DOCKET NO. A-5144-09T4










July 29, 2011

Submitted May 10, 2011 - Decided

Before Judges Payne and Koblitz.

On appeal from the Department of Law and Public Safety, Division of Alcoholic Beverage Control, Appeal Nos. 7387 and 7465.

Calzaretto & Bernstein, L.L.C., attorneys

for appellant (John A. Calzaretto, on the


Ralph R. Kramer, Board Attorney, attorney for respondent Municipal Board of Alcoholic Beverage Control of the City of Camden.

Paula T. Dow, Attorney General, attorney for respondent Division of Alcoholic Beverage Control (Lorinda Lasus, Deputy Attorney General, on the statement in lieu of brief).

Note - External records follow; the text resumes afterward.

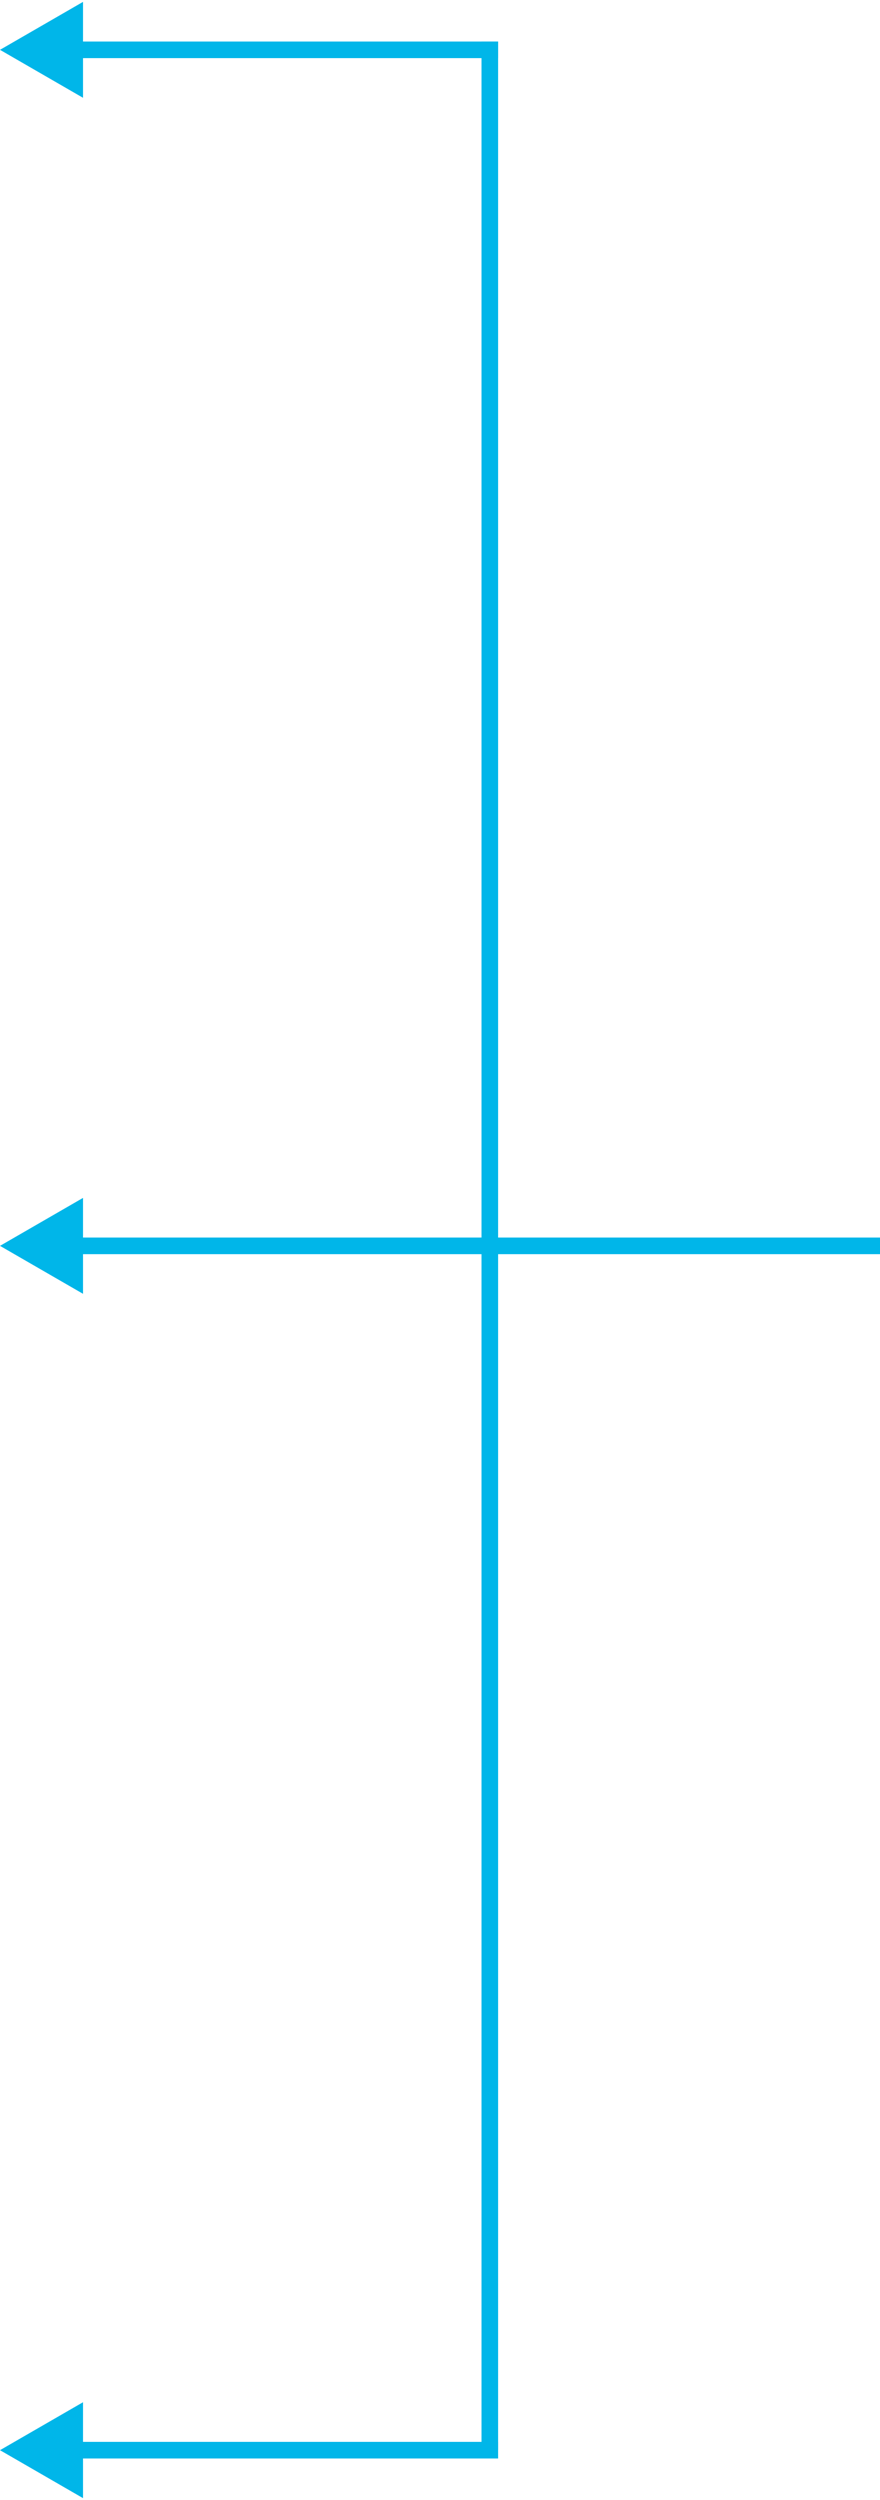 <?xml version="1.0" encoding="UTF-8"?> <svg xmlns="http://www.w3.org/2000/svg" width="106" height="301" viewBox="0 0 106 301" fill="none"> <path d="M0 6L10 11.774V0.226L0 6ZM9 7H60V5H9V7Z" fill="#00B6E9"></path> <path d="M0 150L10 155.774V144.226L0 150ZM9 151H106V149H9V151Z" fill="#00B6E9"></path> <path d="M0 295L10 300.774V289.226L0 295ZM9 296H60V294H9V296Z" fill="#00B6E9"></path> <path d="M59 5V295" stroke="#00B6E9" stroke-width="2"></path> </svg> 
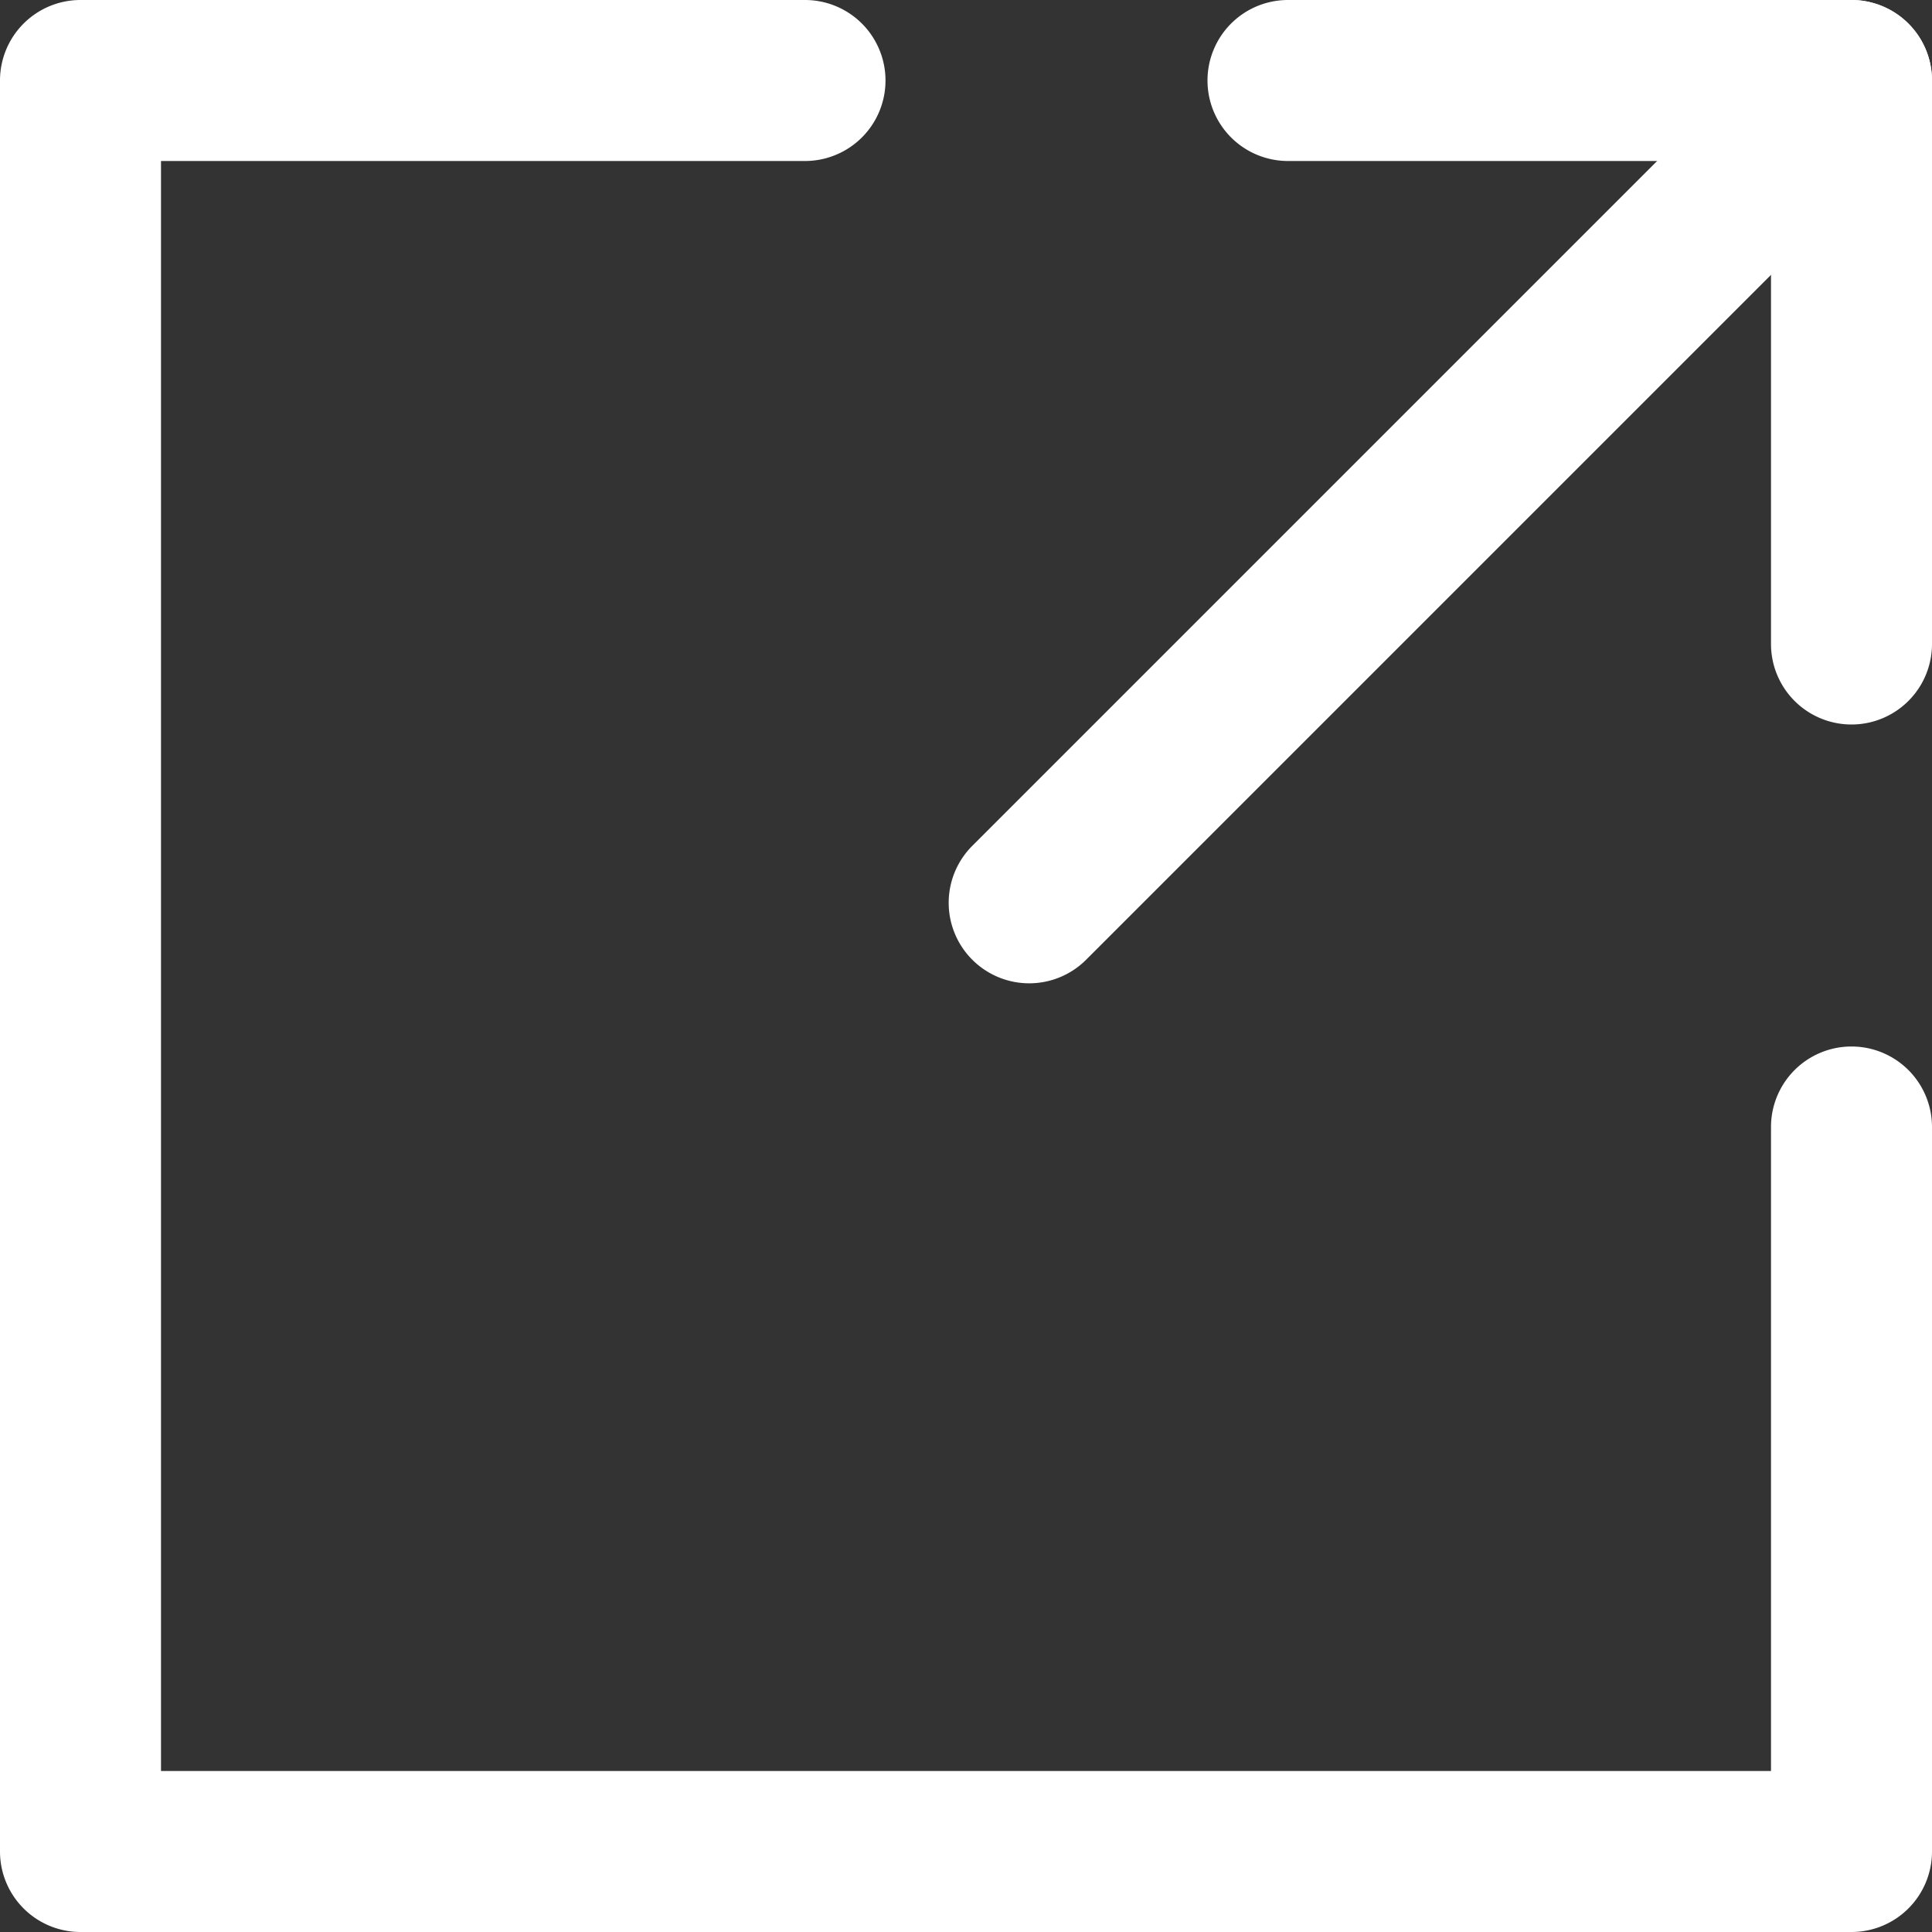 <svg xmlns="http://www.w3.org/2000/svg" width="48" height="48" viewBox="0 0 48 48">
  <rect x="0" y="0" width="48" height="48" fill="#333333" stroke="none"/>
  <g id="Icon_Window_Black" data-name="Icon/Window/Black" transform="translate(-1 -1)">
    <path id="Rectangle-26" d="M45,45V29a2,2,0,0,1,4,0V47a2,2,0,0,1-2,2H3a2,2,0,0,1-2-2V3A2,2,0,0,1,3,1H21a2,2,0,0,1,0,4H5V45Z" fill="#fff"/>
    <path id="Rectangle-5" d="M48.414,1.586h0a2,2,0,0,1,0,2.829L27.985,24.844a2,2,0,0,1-2.829,0h0a2,2,0,0,1,0-2.829L45.585,1.586A2,2,0,0,1,48.414,1.586Z" fill="#fff" fill-rule="evenodd"/>
    <path id="Rectangle-27" d="M45,5H33a2,2,0,0,1,0-4H47a2,2,0,0,1,2,2V17a2,2,0,0,1-4,0Z" fill="#fff"/>
  </g>
</svg>

On June 23, 2008, the Municipal Alcohol Beverage Control Commission of the City of Camden (Camden ABC) ordered a thirty-day suspension of the liquor license held by River Road Beverage Company, L.L.C., the owner and operator of Rumba Rengue, a Camden club, following the stabbing in the thigh and abdomen of a fifteen-year-old girl by a twenty-year-old girl during the course of the fifteen-year-old's sweet sixteen party at the club. At that time, a special condition was attached to River Road's license prohibiting it from allowing under-age patrons on the premises. On March 9, 2009, the Camden ABC revoked the club's license as the result of an alcohol-fueled homicide involving two minors that originated from a dispute occurring between the two at the club.

The orders were appealed, and the matters were transmitted to the Office of Administrative Law (OAL) as contested cases. Following their consolidation, three days of hearings were held before Administrative Law Judge (ALJ) Susan M. Scarola who, in an opinion issued on November 19, 2009, affirmed the orders of the Camden ABC, determining that River Road had violated N.J.A.C. 13:2-23.6(b), which provides:

Every licensee shall operate its business in an orderly and lawful fashion, so as not to constitute a nuisance. A licensee's responsibility under this subsection includes the conduct of the licensee, its employees and patrons, if such conduct is contrary to the public health, safety and welfare.

Although River Road also appealed the special condition, the ALJ declined to address that appeal, finding that it had not been properly perfected.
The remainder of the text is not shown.